Don’t rest it for half an hour. The texture may thicken a bit, but it won’t become real buttermilk. Past the 5 to 10 minute mark, the batter gains little from waiting.
Mixing Tips That Save The Batter
- Use room-temperature milk for cakes when the recipe asks for room-temperature dairy.
- Don’t overmix once flour hits liquid; stop when dry streaks are gone.
- Let pancake batter sit for a few minutes before cooking.
- For biscuits, keep the dairy cold and handle the dough lightly.
- For dressings, use yogurt or sour cream with milk for better thickness.
Texture shifts are normal. Buttermilk has a thicker body and its own tart dairy taste. Acidified milk copies the function more than the flavor. In baked goods, that’s usually enough. In uncooked dips or dressings, you may notice the gap more.
| Problem | Likely Cause | Fix |
|---|---|---|
| Flat pancakes | Milk used with no acid | Add lemon juice or vinegar next time |
| Metallic taste | Baking soda lacked acid | Use the acidified milk method |
| Thin batter | Skim milk or almond milk | Use whole milk or slightly less liquid |
| Dense biscuits | Dough overworked | Mix less and keep dairy cold |
| Weak tang | Swap is milder than buttermilk | Use yogurt thinned with milk |
Other Buttermilk Swaps That Work
Milk plus acid is the easiest option, but it’s not the only one. Plain yogurt thinned with milk gives a closer body. Sour cream thinned with milk works for rich batters and quick breads. Kefir can replace buttermilk cup for cup if its flavor fits the recipe.

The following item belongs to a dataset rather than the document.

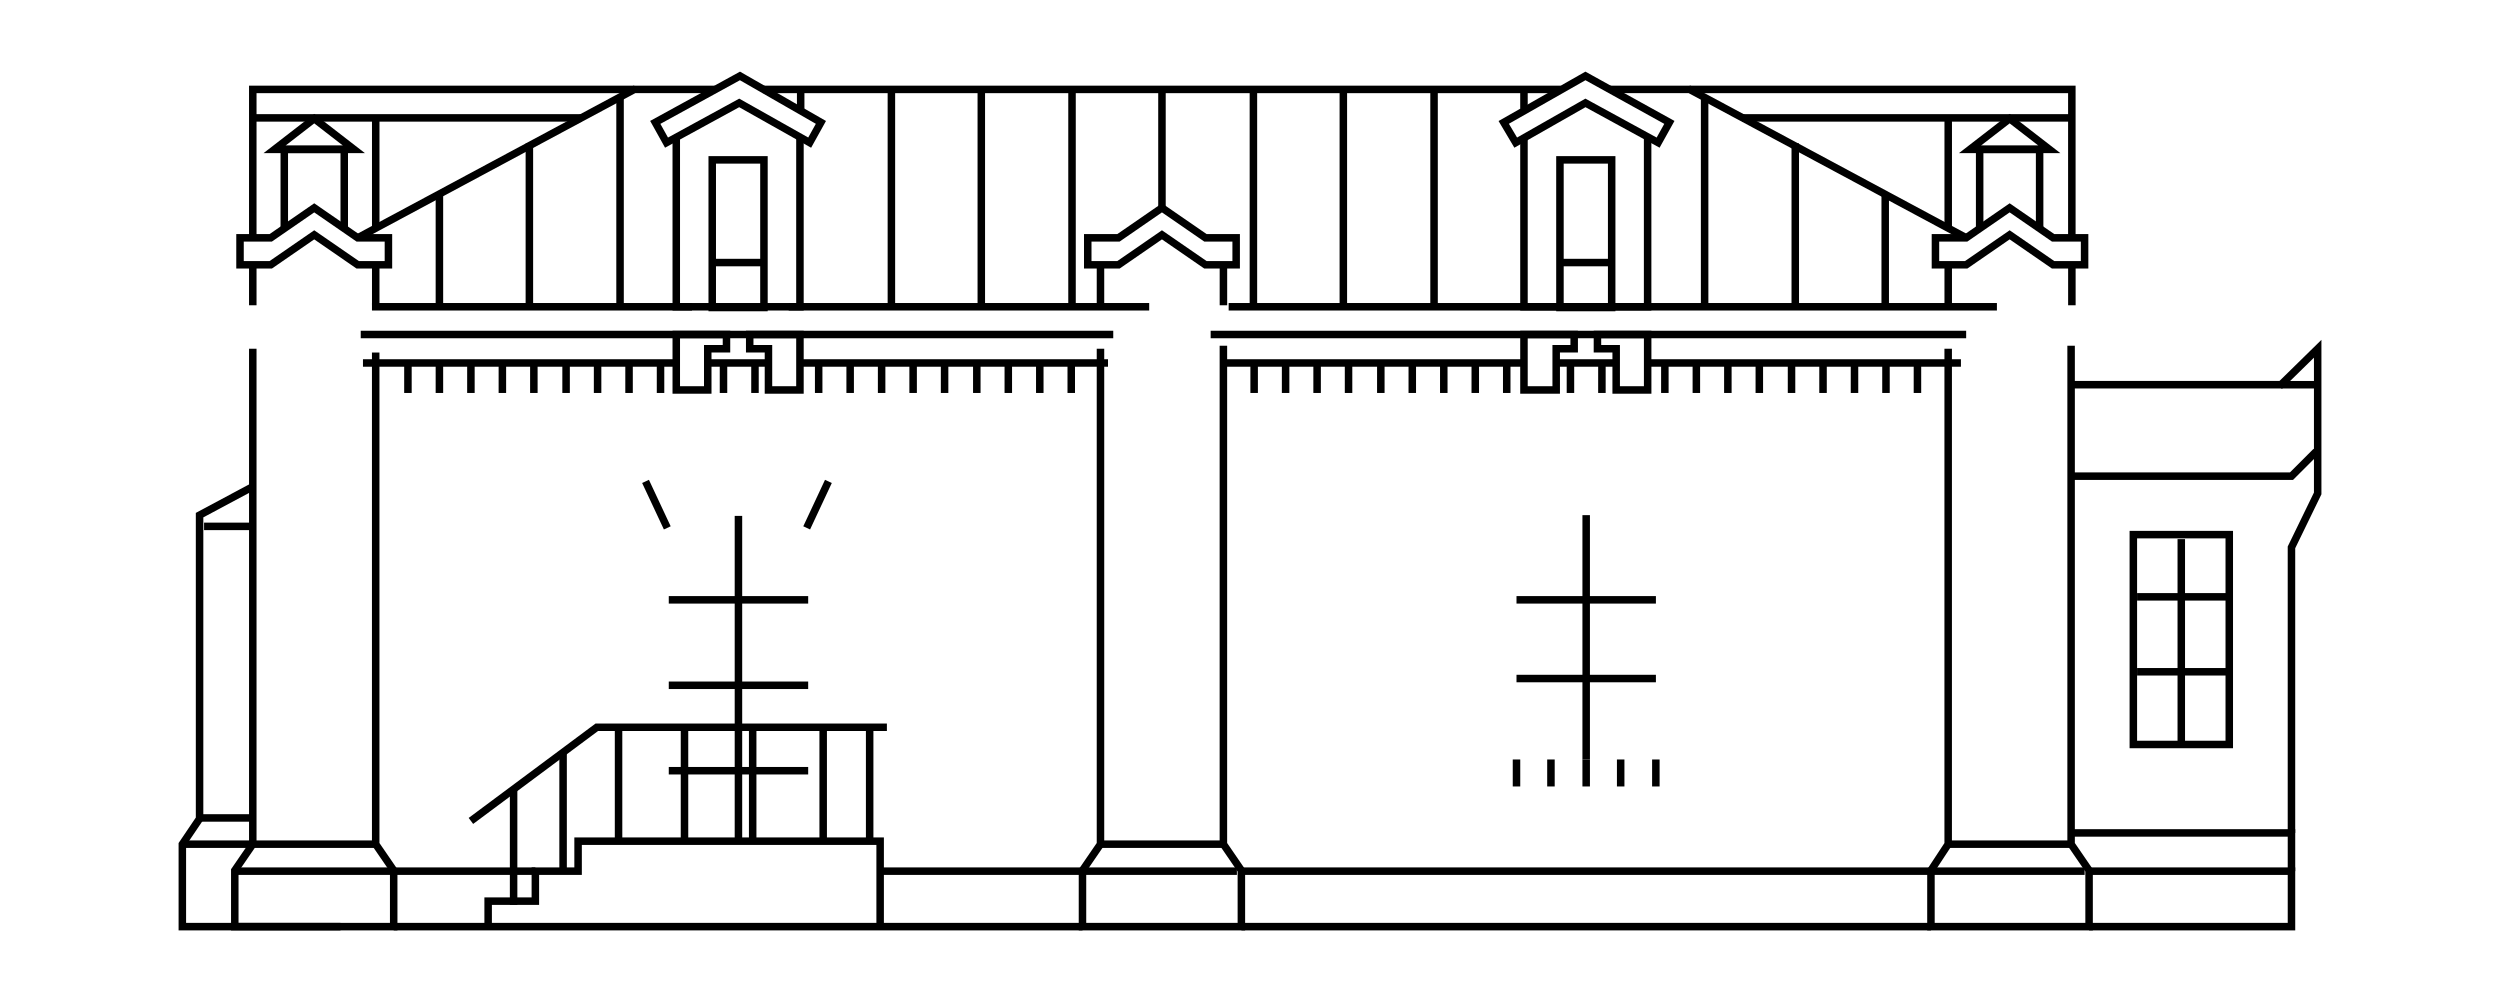 <?xml version="1.0" encoding="UTF-8"?> <svg xmlns="http://www.w3.org/2000/svg" width="140" height="56" viewBox="0 0 140 56" fill="none"><rect width="140" height="56" fill="white"></rect><g clip-path="url(#clip0_2293_4110)"><path d="M46.391 26.959L45.174 29.561" stroke="black" stroke-width="0.42" stroke-miterlimit="10"></path><path d="M37.368 29.561L36.15 26.959" stroke="black" stroke-width="0.42" stroke-miterlimit="10"></path><path d="M84.924 33.591H92.731" stroke="black" stroke-width="0.42" stroke-miterlimit="10"></path><path d="M88.826 28.848V42.531" stroke="black" stroke-width="0.42" stroke-miterlimit="10"></path><path d="M84.924 37.998H92.731" stroke="black" stroke-width="0.42" stroke-miterlimit="10"></path><path d="M109.098 19.53V47.274L108.133 48.743V51.891H116.989V48.743L115.982 47.274V19.362" stroke="black" stroke-width="0.42" stroke-miterlimit="10"></path><path d="M92.268 20.327H109.812" stroke="black" stroke-width="0.42" stroke-miterlimit="10"></path><path d="M87.148 20.327H90.506" stroke="black" stroke-width="0.42" stroke-miterlimit="10"></path><path d="M68.512 20.327H85.343" stroke="black" stroke-width="0.42" stroke-miterlimit="10"></path><path d="M61.627 19.53V47.274L60.619 48.743V51.891H69.517V48.743L68.51 47.274V19.362" stroke="black" stroke-width="0.42" stroke-miterlimit="10"></path><path d="M69.519 48.785H116.739" stroke="black" stroke-width="0.42" stroke-miterlimit="10"></path><path d="M109.1 47.274H115.983" stroke="black" stroke-width="0.42" stroke-miterlimit="10"></path><path d="M61.627 47.274H68.51" stroke="black" stroke-width="0.42" stroke-miterlimit="10"></path><path d="M69.519 51.891H108.134" stroke="black" stroke-width="0.42" stroke-miterlimit="10"></path><path d="M90.254 8.953H87.357V17.221H90.254V8.953Z" stroke="black" stroke-width="0.42" stroke-miterlimit="10"></path><path d="M85.342 7.652V17.179H92.267V7.694" stroke="black" stroke-width="0.42" stroke-miterlimit="10"></path><path d="M87.525 14.703H90.254" stroke="black" stroke-width="0.42" stroke-miterlimit="10"></path><path d="M68.805 17.179H111.827" stroke="black" stroke-width="0.42" stroke-miterlimit="10"></path><path d="M116.737 14.829H114.974L112.54 13.15L110.106 14.829H108.385V13.318H110.106L112.54 11.639L114.974 13.318H116.737V14.829Z" stroke="black" stroke-width="0.42" stroke-miterlimit="10"></path><path d="M109.1 17.095V14.829" stroke="black" stroke-width="0.42" stroke-miterlimit="10"></path><path d="M116.025 17.095V14.829" stroke="black" stroke-width="0.42" stroke-miterlimit="10"></path><path d="M69.225 14.829H67.504L65.069 13.15L62.635 14.829H60.914V13.318H62.635L65.069 11.639L67.504 13.318H69.225V14.829Z" stroke="black" stroke-width="0.42" stroke-miterlimit="10"></path><path d="M61.627 17.095V14.829" stroke="black" stroke-width="0.42" stroke-miterlimit="10"></path><path d="M68.512 17.095V14.829" stroke="black" stroke-width="0.42" stroke-miterlimit="10"></path><path d="M14.156 19.53V47.274L13.148 48.743V51.891H22.047V48.743L21.039 47.274V19.74" stroke="black" stroke-width="0.42" stroke-miterlimit="10"></path><path d="M19.067 51.891H10.211V47.274L11.176 45.847V28.848L14.156 27.253" stroke="black" stroke-width="0.42" stroke-miterlimit="10"></path><path d="M49.287 48.785H69.266" stroke="black" stroke-width="0.42" stroke-miterlimit="10"></path><path d="M13.148 48.785H29.98" stroke="black" stroke-width="0.42" stroke-miterlimit="10"></path><path d="M14.156 47.274H21.04" stroke="black" stroke-width="0.42" stroke-miterlimit="10"></path><path d="M22.047 51.891H60.62" stroke="black" stroke-width="0.42" stroke-miterlimit="10"></path><path d="M42.781 8.953H39.885V17.221H42.781V8.953Z" stroke="black" stroke-width="0.42" stroke-miterlimit="10"></path><path d="M37.871 7.652V17.179H44.797V7.694" stroke="black" stroke-width="0.42" stroke-miterlimit="10"></path><path d="M40.053 14.703H42.781" stroke="black" stroke-width="0.42" stroke-miterlimit="10"></path><path d="M37.325 7.987L36.695 6.854L41.438 4.252L45.971 6.854L45.342 7.987L41.396 5.763L37.325 7.987Z" stroke="black" stroke-width="0.42" stroke-miterlimit="10"></path><path d="M44.166 17.179H64.355" stroke="black" stroke-width="0.42" stroke-miterlimit="10"></path><path d="M21.752 14.829H20.031L17.597 13.15L15.162 14.829H13.441V13.318H15.162L17.597 11.639L20.031 13.318H21.752V14.829Z" stroke="black" stroke-width="0.42" stroke-miterlimit="10"></path><path d="M14.156 17.095V14.829" stroke="black" stroke-width="0.42" stroke-miterlimit="10"></path><path d="M21.041 17.095V14.829" stroke="black" stroke-width="0.42" stroke-miterlimit="10"></path><path d="M37.871 20.327H20.326" stroke="black" stroke-width="0.42" stroke-miterlimit="10"></path><path d="M43.033 20.327H39.633" stroke="black" stroke-width="0.42" stroke-miterlimit="10"></path><path d="M62.048 20.327H44.797" stroke="black" stroke-width="0.42" stroke-miterlimit="10"></path><path d="M11.178 45.805H14.158" stroke="black" stroke-width="0.42" stroke-miterlimit="10"></path><path d="M10.211 47.274H14.156" stroke="black" stroke-width="0.42" stroke-miterlimit="10"></path><path d="M11.428 29.477H13.988" stroke="black" stroke-width="0.42" stroke-miterlimit="10"></path><path d="M49.288 51.891V47.106H32.373V48.785H29.98V50.464H27.336V51.891" stroke="black" stroke-width="0.42" stroke-miterlimit="10"></path><path d="M26.371 45.972L33.422 40.726H49.666" stroke="black" stroke-width="0.42" stroke-miterlimit="10"></path><path d="M48.701 40.894V46.98" stroke="black" stroke-width="0.42" stroke-miterlimit="10"></path><path d="M34.639 40.894V46.98" stroke="black" stroke-width="0.42" stroke-miterlimit="10"></path><path d="M38.332 40.894V46.98" stroke="black" stroke-width="0.42" stroke-miterlimit="10"></path><path d="M42.15 40.894V46.98" stroke="black" stroke-width="0.42" stroke-miterlimit="10"></path><path d="M46.098 40.894V46.98" stroke="black" stroke-width="0.42" stroke-miterlimit="10"></path><path d="M31.533 42.153V48.827" stroke="black" stroke-width="0.42" stroke-miterlimit="10"></path><path d="M28.762 44.252V50.673" stroke="black" stroke-width="0.42" stroke-miterlimit="10"></path><path d="M41.353 28.89V47.106" stroke="black" stroke-width="0.42" stroke-miterlimit="10"></path><path d="M37.451 33.591H45.258" stroke="black" stroke-width="0.42" stroke-miterlimit="10"></path><path d="M37.451 38.376H45.258" stroke="black" stroke-width="0.42" stroke-miterlimit="10"></path><path d="M37.451 43.16H45.258" stroke="black" stroke-width="0.42" stroke-miterlimit="10"></path><path d="M22.844 20.495V22.006" stroke="black" stroke-width="0.42" stroke-miterlimit="10"></path><path d="M24.607 20.495V22.006" stroke="black" stroke-width="0.42" stroke-miterlimit="10"></path><path d="M26.371 20.495V22.006" stroke="black" stroke-width="0.42" stroke-miterlimit="10"></path><path d="M28.133 20.495V22.006" stroke="black" stroke-width="0.42" stroke-miterlimit="10"></path><path d="M29.896 20.495V22.006" stroke="black" stroke-width="0.42" stroke-miterlimit="10"></path><path d="M31.701 20.495V22.006" stroke="black" stroke-width="0.42" stroke-miterlimit="10"></path><path d="M33.465 20.495V22.006" stroke="black" stroke-width="0.42" stroke-miterlimit="10"></path><path d="M35.227 20.495V22.006" stroke="black" stroke-width="0.42" stroke-miterlimit="10"></path><path d="M36.99 20.495V22.006" stroke="black" stroke-width="0.42" stroke-miterlimit="10"></path><path d="M40.516 20.495V22.006" stroke="black" stroke-width="0.42" stroke-miterlimit="10"></path><path d="M42.279 20.495V22.006" stroke="black" stroke-width="0.42" stroke-miterlimit="10"></path><path d="M45.846 20.495V22.006" stroke="black" stroke-width="0.42" stroke-miterlimit="10"></path><path d="M47.609 20.495V22.006" stroke="black" stroke-width="0.42" stroke-miterlimit="10"></path><path d="M49.371 20.495V22.006" stroke="black" stroke-width="0.42" stroke-miterlimit="10"></path><path d="M51.135 20.495V22.006" stroke="black" stroke-width="0.42" stroke-miterlimit="10"></path><path d="M52.897 20.495V22.006" stroke="black" stroke-width="0.42" stroke-miterlimit="10"></path><path d="M54.701 20.495V22.006" stroke="black" stroke-width="0.42" stroke-miterlimit="10"></path><path d="M56.465 20.495V22.006" stroke="black" stroke-width="0.42" stroke-miterlimit="10"></path><path d="M58.228 20.495V22.006" stroke="black" stroke-width="0.42" stroke-miterlimit="10"></path><path d="M59.99 20.495V22.006" stroke="black" stroke-width="0.42" stroke-miterlimit="10"></path><path d="M70.232 20.495V22.006" stroke="black" stroke-width="0.42" stroke-miterlimit="10"></path><path d="M71.994 20.495V22.006" stroke="black" stroke-width="0.42" stroke-miterlimit="10"></path><path d="M73.758 20.495V22.006" stroke="black" stroke-width="0.42" stroke-miterlimit="10"></path><path d="M75.519 20.495V22.006" stroke="black" stroke-width="0.42" stroke-miterlimit="10"></path><path d="M77.326 20.495V22.006" stroke="black" stroke-width="0.42" stroke-miterlimit="10"></path><path d="M79.088 20.495V22.006" stroke="black" stroke-width="0.42" stroke-miterlimit="10"></path><path d="M80.852 20.495V22.006" stroke="black" stroke-width="0.42" stroke-miterlimit="10"></path><path d="M82.615 20.495V22.006" stroke="black" stroke-width="0.42" stroke-miterlimit="10"></path><path d="M84.377 20.495V22.006" stroke="black" stroke-width="0.42" stroke-miterlimit="10"></path><path d="M87.945 20.495V22.006" stroke="black" stroke-width="0.42" stroke-miterlimit="10"></path><path d="M89.707 20.495V22.006" stroke="black" stroke-width="0.42" stroke-miterlimit="10"></path><path d="M93.232 20.495V22.006" stroke="black" stroke-width="0.42" stroke-miterlimit="10"></path><path d="M94.996 20.495V22.006" stroke="black" stroke-width="0.42" stroke-miterlimit="10"></path><path d="M96.76 20.495V22.006" stroke="black" stroke-width="0.42" stroke-miterlimit="10"></path><path d="M98.522 20.495V22.006" stroke="black" stroke-width="0.42" stroke-miterlimit="10"></path><path d="M100.326 20.495V22.006" stroke="black" stroke-width="0.42" stroke-miterlimit="10"></path><path d="M102.09 20.495V22.006" stroke="black" stroke-width="0.42" stroke-miterlimit="10"></path><path d="M103.852 20.495V22.006" stroke="black" stroke-width="0.42" stroke-miterlimit="10"></path><path d="M105.615 20.495V22.006" stroke="black" stroke-width="0.42" stroke-miterlimit="10"></path><path d="M107.377 20.495V22.006" stroke="black" stroke-width="0.42" stroke-miterlimit="10"></path><path d="M84.924 42.531V44.042" stroke="black" stroke-width="0.42" stroke-miterlimit="10"></path><path d="M86.853 42.531V44.042" stroke="black" stroke-width="0.42" stroke-miterlimit="10"></path><path d="M88.826 42.531V44.042" stroke="black" stroke-width="0.42" stroke-miterlimit="10"></path><path d="M90.758 42.531V44.042" stroke="black" stroke-width="0.42" stroke-miterlimit="10"></path><path d="M92.728 42.531V44.042" stroke="black" stroke-width="0.42" stroke-miterlimit="10"></path><path d="M40.054 5.007H35.521L20.033 13.318" stroke="black" stroke-width="0.42" stroke-miterlimit="10"></path><path d="M87.399 5.007H42.74" stroke="black" stroke-width="0.42" stroke-miterlimit="10"></path><path d="M110.107 13.318L94.619 5.007H90.17" stroke="black" stroke-width="0.42" stroke-miterlimit="10"></path><path d="M65.07 11.849V5.007" stroke="black" stroke-width="0.42" stroke-miterlimit="10"></path><path d="M60.033 17.179V5.007" stroke="black" stroke-width="0.42" stroke-miterlimit="10"></path><path d="M54.953 17.179V5.007" stroke="black" stroke-width="0.42" stroke-miterlimit="10"></path><path d="M49.918 17.179V5.007" stroke="black" stroke-width="0.42" stroke-miterlimit="10"></path><path d="M44.838 6.098V5.007" stroke="black" stroke-width="0.42" stroke-miterlimit="10"></path><path d="M34.723 17.179V5.427" stroke="black" stroke-width="0.42" stroke-miterlimit="10"></path><path d="M29.645 17.179V8.029" stroke="black" stroke-width="0.42" stroke-miterlimit="10"></path><path d="M24.607 17.179V10.842" stroke="black" stroke-width="0.42" stroke-miterlimit="10"></path><path d="M92.855 7.987L93.485 6.854L88.784 4.252L84.209 6.854L84.88 7.987L88.784 5.763L92.855 7.987Z" stroke="black" stroke-width="0.42" stroke-miterlimit="10"></path><path d="M70.191 17.179V5.007" stroke="black" stroke-width="0.42" stroke-miterlimit="10"></path><path d="M75.227 17.179V5.007" stroke="black" stroke-width="0.42" stroke-miterlimit="10"></path><path d="M80.307 17.179V5.007" stroke="black" stroke-width="0.42" stroke-miterlimit="10"></path><path d="M85.342 6.098V5.007" stroke="black" stroke-width="0.42" stroke-miterlimit="10"></path><path d="M95.459 17.179V5.427" stroke="black" stroke-width="0.42" stroke-miterlimit="10"></path><path d="M100.535 17.179V8.029" stroke="black" stroke-width="0.42" stroke-miterlimit="10"></path><path d="M105.572 17.179V10.842" stroke="black" stroke-width="0.42" stroke-miterlimit="10"></path><path d="M38.752 17.179H20.83" stroke="black" stroke-width="0.42" stroke-miterlimit="10"></path><path d="M112.541 6.644L110.316 8.365H114.766L112.541 6.644Z" stroke="black" stroke-width="0.42" stroke-miterlimit="10"></path><path d="M114.219 12.814V8.365H110.861V12.814" stroke="black" stroke-width="0.42" stroke-miterlimit="10"></path><path d="M94.617 5.007H116.023V13.318" stroke="black" stroke-width="0.42" stroke-miterlimit="10"></path><path d="M109.1 12.772V6.644" stroke="black" stroke-width="0.42" stroke-miterlimit="10"></path><path d="M116.025 6.602H97.557" stroke="black" stroke-width="0.42" stroke-miterlimit="10"></path><path d="M17.598 6.644L19.822 8.365H15.373L17.598 6.644Z" stroke="black" stroke-width="0.42" stroke-miterlimit="10"></path><path d="M15.92 12.814V8.365H19.278V12.814" stroke="black" stroke-width="0.42" stroke-miterlimit="10"></path><path d="M35.52 5.007H14.156V13.318" stroke="black" stroke-width="0.42" stroke-miterlimit="10"></path><path d="M21.041 12.772V6.644" stroke="black" stroke-width="0.42" stroke-miterlimit="10"></path><path d="M14.156 6.602H32.582" stroke="black" stroke-width="0.42" stroke-miterlimit="10"></path><path d="M85.342 18.732H88.154V19.53H87.147V21.838H85.342V18.732Z" stroke="black" stroke-width="0.42" stroke-miterlimit="10"></path><path d="M92.269 18.732H89.457V19.53H90.506V21.838H92.269V18.732Z" stroke="black" stroke-width="0.42" stroke-miterlimit="10"></path><path d="M37.871 18.732H40.683V19.53H39.634V21.838H37.871V18.732Z" stroke="black" stroke-width="0.42" stroke-miterlimit="10"></path><path d="M44.797 18.732H41.984V19.53H43.034V21.838H44.797V18.732Z" stroke="black" stroke-width="0.42" stroke-miterlimit="10"></path><path d="M67.797 18.732H110.105" stroke="black" stroke-width="0.42" stroke-miterlimit="10"></path><path d="M20.201 18.732H62.342" stroke="black" stroke-width="0.42" stroke-miterlimit="10"></path><path d="M116.99 51.891H128.323V48.785H116.99" stroke="black" stroke-width="0.42" stroke-miterlimit="10"></path><path d="M116.025 46.644H128.323V48.785" stroke="black" stroke-width="0.42" stroke-miterlimit="10"></path><path d="M128.322 46.644V30.653L129.791 27.631V19.53L127.735 21.544H115.982" stroke="black" stroke-width="0.42" stroke-miterlimit="10"></path><path d="M127.734 21.545H129.791" stroke="black" stroke-width="0.42" stroke-miterlimit="10"></path><path d="M116.025 26.665H128.323L129.708 25.28" stroke="black" stroke-width="0.42" stroke-miterlimit="10"></path><path d="M124.839 29.939H119.467V41.691H124.839V29.939Z" stroke="black" stroke-width="0.42" stroke-miterlimit="10"></path><path d="M119.676 37.62H124.838" stroke="black" stroke-width="0.42" stroke-miterlimit="10"></path><path d="M119.676 33.423H124.838" stroke="black" stroke-width="0.42" stroke-miterlimit="10"></path><path d="M122.152 30.191V41.607" stroke="black" stroke-width="0.42" stroke-miterlimit="10"></path></g><defs><clipPath id="clip0_2293_4110"><rect width="120" height="48.101" fill="white" transform="translate(10 4)"></rect></clipPath></defs></svg>

For 1 cup of buttermilk, try 3/4 cup plain yogurt plus 1/4 cup milk. For sour cream, use the same idea: thin it until pourable. These swaps are thicker than acidified milk, so they’re handy for dressings, marinades, and cakes that need body.
What I’d Use By Recipe
For pancakes, use milk with lemon juice. For biscuits, use whole milk with vinegar and keep it cold. For chocolate cake, use milk with vinegar because the flavor stays neutral. For ranch or slaw dressing, use yogurt thinned with milk because it gives better body.
If the recipe is special, buy real buttermilk. That’s the better move for tall biscuits, old-style cornbread, or a cake where tang is part of the flavor. For a Tuesday pancake batch or muffins before breakfast, the milk swap gets the job done.
Best Answer For Home Bakers
You can use milk instead of buttermilk, but don’t use it plain in recipes that rely on baking soda. Add 1 tablespoon lemon juice or vinegar to a measuring cup, fill to 1 cup with milk, rest for 5 minutes, then mix it in.
The swap won’t taste exactly like real buttermilk, yet it works well in most baked goods. Use whole milk when you can, choose the acid that fits the recipe, and keep mixing gentle. That’s how you get lift, softness, and clean flavor without another store run.
References & Sources
- Utah State University Extension.“List of Ingredient Substitutions for Cooking and Baking.”Gives the standard milk, vinegar or lemon juice, and 5-minute rest method for replacing buttermilk.
- Illinois Extension.“Baking Soda vs. Baking Powder.”Explains why baking soda needs an acidic ingredient such as buttermilk, vinegar, yogurt, or lemon juice.
- USDA FoodData Central.“Buttermilk Nutrient Data.”Provides official dairy nutrient listings used to verify general buttermilk and milk nutrition context.